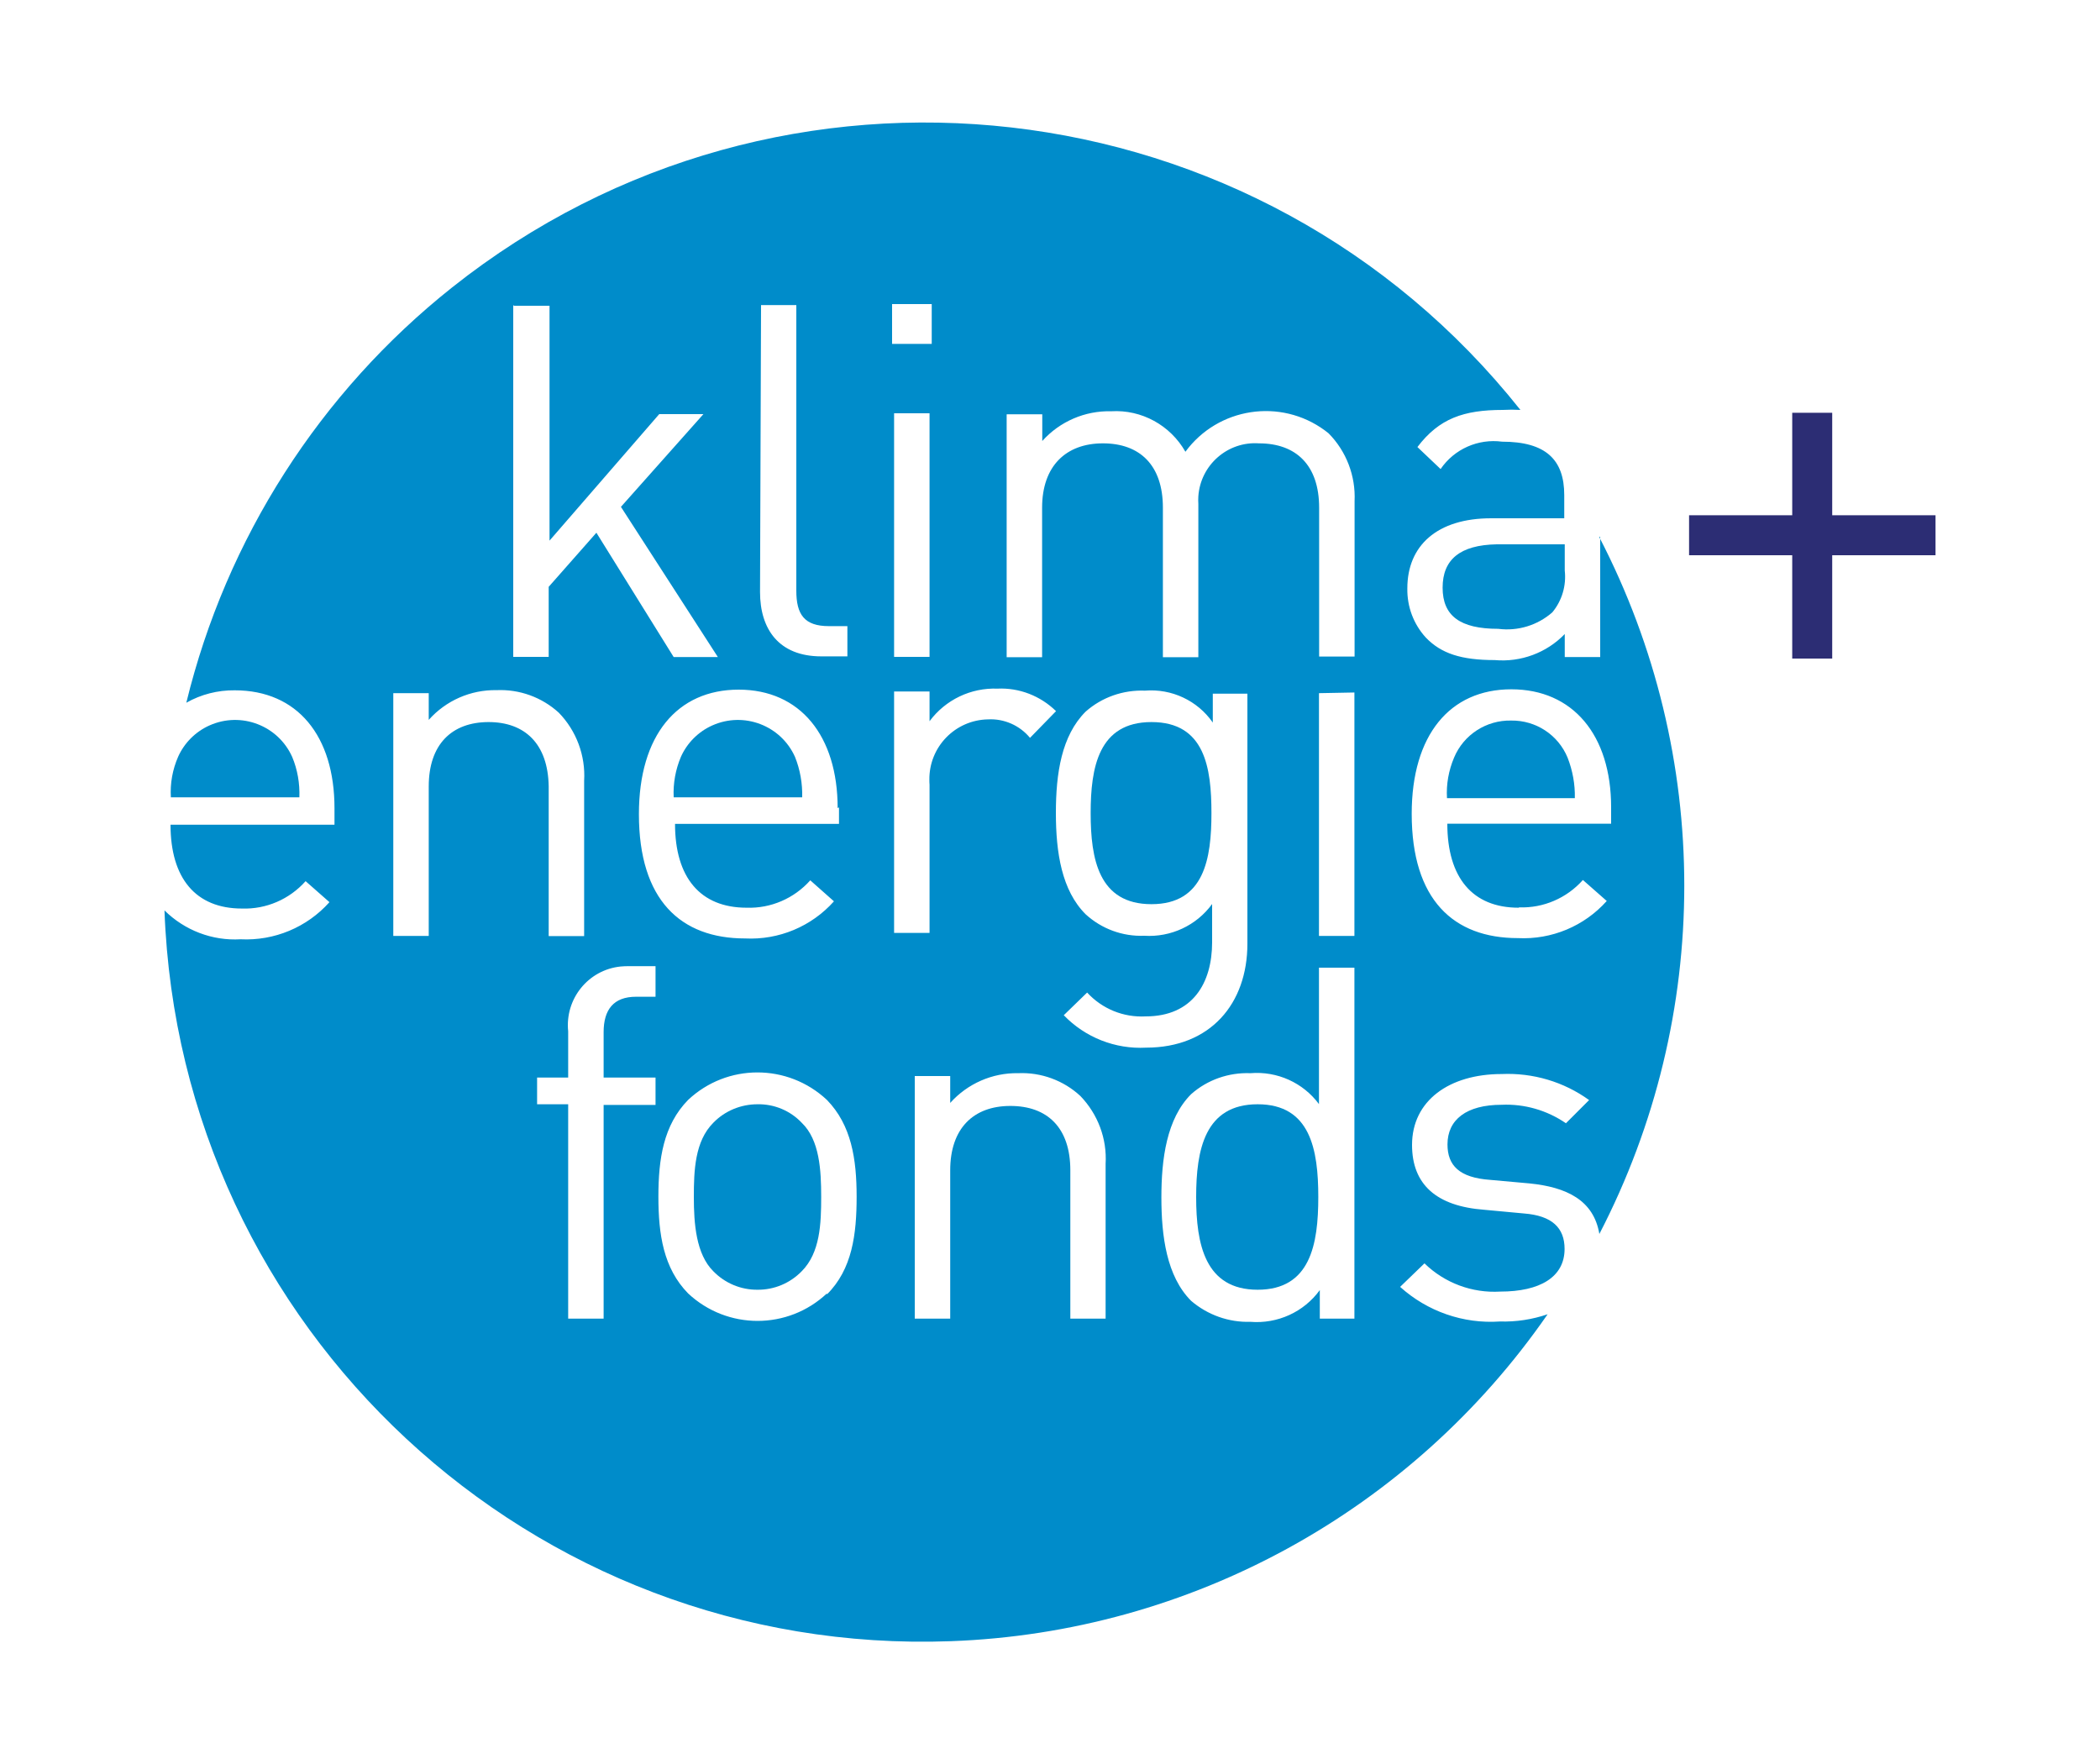 <?xml version="1.0" encoding="UTF-8"?>
<svg id="Ebene_1" data-name="Ebene 1" xmlns="http://www.w3.org/2000/svg" viewBox="0 0 125 105">
  <defs>
    <style>
      .cls-1 {
        fill: #008cca;
      }

      .cls-1, .cls-2 {
        stroke-width: 0px;
      }

      .cls-2 {
        fill: #2c2d74;
      }
    </style>
  </defs>
  <path class="cls-1" d="M45.09,65.73c-.99,0-1.94.39-2.63,1.1-1.1,1.1-1.16,2.84-1.16,4.42s.13,3.4,1.16,4.42c.69.71,1.64,1.11,2.63,1.1.99.01,1.94-.39,2.63-1.1,1.1-1.1,1.16-2.84,1.16-4.42s-.09-3.4-1.16-4.42c-.68-.72-1.64-1.12-2.63-1.1Z"/>
  <path class="cls-1" d="M47.32,45.05c-.84-1.87-3.04-2.71-4.92-1.87-.83.37-1.5,1.04-1.87,1.87-.32.76-.47,1.58-.43,2.41h7.65c.02-.82-.12-1.64-.43-2.41Z"/>
  <path class="cls-1" d="M95.25,31.92v7.19h-2.11v-1.37c-1.08,1.12-2.62,1.69-4.17,1.55-1.99,0-3.19-.39-4.1-1.34-.73-.8-1.12-1.84-1.1-2.93,0-2.54,1.77-4.17,4.99-4.17h4.35v-1.38c0-2.11-1.1-3.18-3.7-3.18-1.43-.19-2.85.44-3.66,1.63l-1.38-1.31c1.29-1.7,2.75-2.21,5.09-2.21.35-.02.69-.02,1.04,0C74.95,4.83,46.48,1.57,26.91,17.11c-7.87,6.25-13.44,14.95-15.82,24.72.88-.5,1.87-.75,2.88-.74,3.74,0,5.94,2.72,5.94,7.02v.98h-9.76c0,3.19,1.5,4.99,4.25,4.99,1.44.05,2.83-.55,3.79-1.63l1.42,1.25c-1.34,1.5-3.28,2.31-5.29,2.21-1.68.1-3.33-.53-4.53-1.72.91,24.94,21.87,44.42,46.81,43.5,14.25-.52,27.41-7.74,35.52-19.46-.91.31-1.87.46-2.84.43-2.18.15-4.32-.6-5.94-2.06l1.45-1.4c1.2,1.17,2.84,1.78,4.51,1.68,2.36,0,3.83-.86,3.83-2.54,0-1.25-.74-1.98-2.42-2.11l-2.36-.22c-2.84-.21-4.3-1.5-4.3-3.86,0-2.63,2.21-4.22,5.34-4.22,1.86-.08,3.69.46,5.2,1.55l-1.38,1.38c-1.12-.77-2.46-1.16-3.82-1.1-2.11,0-3.23.89-3.23,2.36,0,1.25.7,1.98,2.54,2.11l2.33.21c2.21.22,3.83.99,4.17,3.01,6.74-13,6.74-28.47,0-41.47l.04-.03ZM59.93,24.66h2.11v1.59c1.04-1.16,2.54-1.81,4.1-1.77,1.81-.11,3.52.83,4.42,2.41,1.94-2.64,5.66-3.21,8.3-1.27.07.05.15.11.22.17,1.06,1.07,1.62,2.54,1.55,4.04v9.25h-2.11v-8.86c0-2.54-1.38-3.83-3.58-3.83-1.87-.13-3.48,1.29-3.61,3.15-.01.15-.01.3,0,.46v9.12h-2.11v-8.9c0-2.54-1.38-3.83-3.57-3.83s-3.62,1.34-3.62,3.83v8.9h-2.11v-14.45ZM80.62,41.22v14.49h-2.11v-14.45l2.11-.04ZM45.3,18.16h2.1v17c0,1.41.47,2.11,1.94,2.11h1.1v1.8h-1.55c-2.54,0-3.65-1.63-3.65-3.83l.06-17.08ZM49.94,48.06v.98h-9.76c0,3.19,1.5,4.99,4.26,4.99,1.44.05,2.83-.55,3.79-1.63l1.41,1.25c-1.34,1.5-3.28,2.31-5.29,2.21-3.83,0-6.32-2.28-6.32-7.4,0-4.69,2.28-7.41,5.94-7.41s5.89,2.75,5.89,7.05l.08-.04ZM30.6,18.2h2.11v13.98l6.53-7.53h2.63l-4.91,5.52,5.77,8.94h-2.63l-4.6-7.4-2.84,3.22v4.17h-2.11v-20.92h.04ZM29.09,42.98c-2.21,0-3.57,1.34-3.57,3.83v8.9h-2.11v-14.45h2.11v1.59c1.02-1.15,2.5-1.8,4.04-1.77,1.36-.06,2.69.42,3.7,1.34,1.05,1.08,1.6,2.56,1.51,4.06v9.24h-2.11v-8.91c-.04-2.54-1.42-3.83-3.58-3.83ZM39.02,59.33h-1.16c-1.34,0-1.93.77-1.93,2.11v2.7h3.09v1.63h-3.09v12.72h-2.11v-12.76h-1.85v-1.59h1.85v-2.75c-.2-1.93,1.19-3.66,3.12-3.86.18-.02.35-.02.53-.02h1.55v1.81ZM49.22,76.99c-2.32,2.18-5.93,2.18-8.26,0-1.47-1.5-1.77-3.52-1.77-5.76s.3-4.26,1.77-5.76c2.32-2.18,5.93-2.18,8.26,0,1.46,1.5,1.77,3.52,1.77,5.76s-.26,4.32-1.77,5.82v-.06ZM53.1,18.1h2.36v2.37h-2.36v-2.37ZM53.22,24.6h2.11v14.5h-2.11v-14.5ZM53.22,41.16h2.11v1.77c.95-1.28,2.46-2,4.05-1.94,1.29-.06,2.55.43,3.48,1.34l-1.55,1.59c-.61-.74-1.54-1.15-2.49-1.1-1.96.03-3.53,1.64-3.5,3.61,0,.09,0,.18.01.27v8.83h-2.11v-14.35ZM65.82,78.49h-2.11v-8.83c0-2.54-1.37-3.83-3.57-3.83s-3.58,1.34-3.58,3.83v8.83h-2.11v-14.44h2.11v1.6c1.03-1.15,2.51-1.8,4.05-1.77,1.36-.06,2.7.43,3.7,1.36,1.04,1.08,1.59,2.54,1.5,4.04v9.21ZM63.33,60.42l1.38-1.34c.89.97,2.16,1.49,3.48,1.42,2.8,0,3.96-1.98,3.96-4.42v-2.27c-.93,1.28-2.46,1.99-4.04,1.89-1.29.05-2.54-.41-3.49-1.28-1.42-1.42-1.77-3.66-1.77-6.03s.34-4.6,1.77-6.03c.97-.86,2.24-1.3,3.53-1.25,1.59-.13,3.13.59,4.04,1.9v-1.72h2.06v14.88c0,3.58-2.21,6.19-6.03,6.19-1.84.1-3.63-.61-4.9-1.93v-.02ZM80.62,78.49h-2.06v-1.7c-.95,1.31-2.52,2.02-4.13,1.89-1.29.04-2.55-.41-3.53-1.25-1.46-1.46-1.77-3.86-1.77-6.15s.31-4.69,1.77-6.15c.97-.86,2.24-1.3,3.53-1.25,1.59-.13,3.13.56,4.08,1.84v-8.12h2.11v20.88ZM90.43,54.01c1.44.05,2.83-.55,3.79-1.63l1.42,1.25c-1.34,1.5-3.28,2.31-5.29,2.21-3.83,0-6.32-2.28-6.32-7.4,0-4.69,2.27-7.41,5.93-7.41s5.94,2.72,5.94,7.02v.98h-9.75c0,3.2,1.49,5,4.24,5l.04-.02Z"/>
  <path class="cls-1" d="M17.39,45.05c-.84-1.87-3.04-2.71-4.92-1.87-.83.37-1.5,1.04-1.87,1.87-.33.76-.48,1.58-.43,2.41h7.65c.03-.82-.11-1.65-.43-2.41Z"/>
  <path class="cls-1" d="M85.87,34.98c0,1.68,1.04,2.45,3.31,2.45,1.17.15,2.34-.21,3.22-.98.58-.7.84-1.6.74-2.49v-1.56h-4.05c-2.19.04-3.22.91-3.22,2.58Z"/>
  <path class="cls-1" d="M68.54,42.98c-3.15,0-3.62,2.7-3.62,5.42s.47,5.42,3.62,5.42,3.57-2.72,3.57-5.42-.39-5.42-3.57-5.42Z"/>
  <path class="cls-1" d="M74.86,65.73c-3.15,0-3.66,2.72-3.66,5.52s.52,5.52,3.66,5.52,3.61-2.7,3.61-5.52-.47-5.52-3.61-5.52Z"/>
  <path class="cls-1" d="M89.95,42.89c-1.48-.03-2.83.84-3.4,2.21-.32.76-.47,1.58-.42,2.41h7.61c.02-.82-.13-1.64-.43-2.41-.56-1.36-1.89-2.23-3.36-2.21Z"/>
  <polygon class="cls-2" points="109.06 30.67 109.06 24.57 106.68 24.57 106.68 30.67 100.54 30.67 100.54 33.05 106.68 33.05 106.68 39.2 109.06 39.2 109.06 33.05 115.21 33.05 115.21 30.67 109.06 30.67"/>
</svg>

**TASK DETAILS:**
Leave out any pictures, please, and quote only the lines from the top of the data through the line that contains "stroke-width: 0px;".

**ANSWER FOR THE TASK:**
 <?xml version="1.0" encoding="UTF-8"?>
<svg id="Ebene_1" data-name="Ebene 1" xmlns="http://www.w3.org/2000/svg" viewBox="0 0 125 105">
  <defs>
    <style>
      .cls-1 {
        fill: #008cca;
      }

      .cls-1, .cls-2 {
        stroke-width: 0px;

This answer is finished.